START INFORMATION PROVIDED

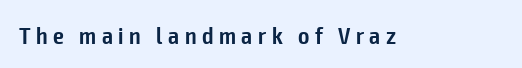
{"italic": "no", "bold": "semi", "underline": "no", "letter_spacing": "wide", "letter_spacing_em": 0.23, "glyph_px": 24}
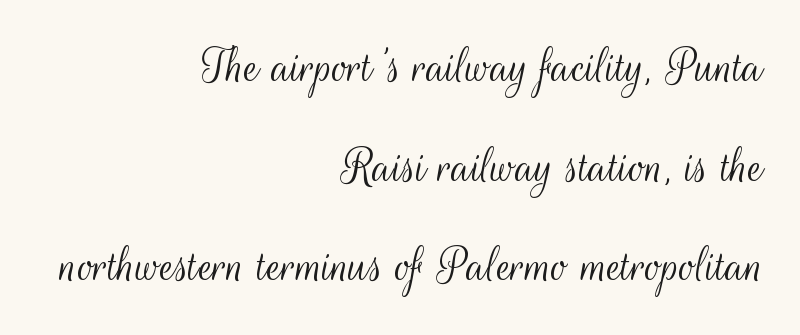
The image shows 53 px light, condensed sans-serif type; set right-aligned, line spacing 1.88x, normal letter spacing, not underlined; medium stroke contrast and a small x-height.
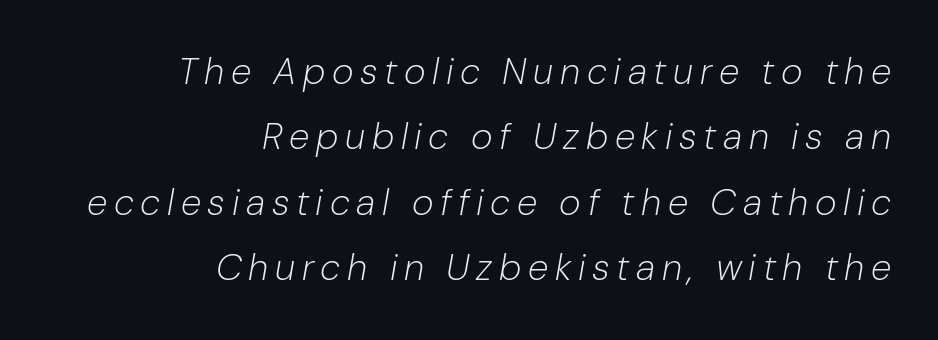
{"italic": "yes", "lean": "right", "slant_degrees": 10, "bold": "no", "weight": "light", "width": "normal", "stroke_contrast": "low", "x_height": "medium", "monospaced": "no", "underline": "no", "align": "right", "line_spacing_ratio": 1.77, "glyph_px": 37}

END INFORMATION PROVIDED

The lines to copy run from the line containing "The image shows" through the end of the data above; copy exactly those, minus the pictures.

**RESULT OF THE EXERCISE:**
The image shows 53 px light, condensed sans-serif type; set right-aligned, line spacing 1.88x, normal letter spacing, not underlined; medium stroke contrast and a small x-height.
{"italic": "yes", "lean": "right", "slant_degrees": 10, "bold": "no", "weight": "light", "width": "normal", "stroke_contrast": "low", "x_height": "medium", "monospaced": "no", "underline": "no", "align": "right", "line_spacing_ratio": 1.77, "glyph_px": 37}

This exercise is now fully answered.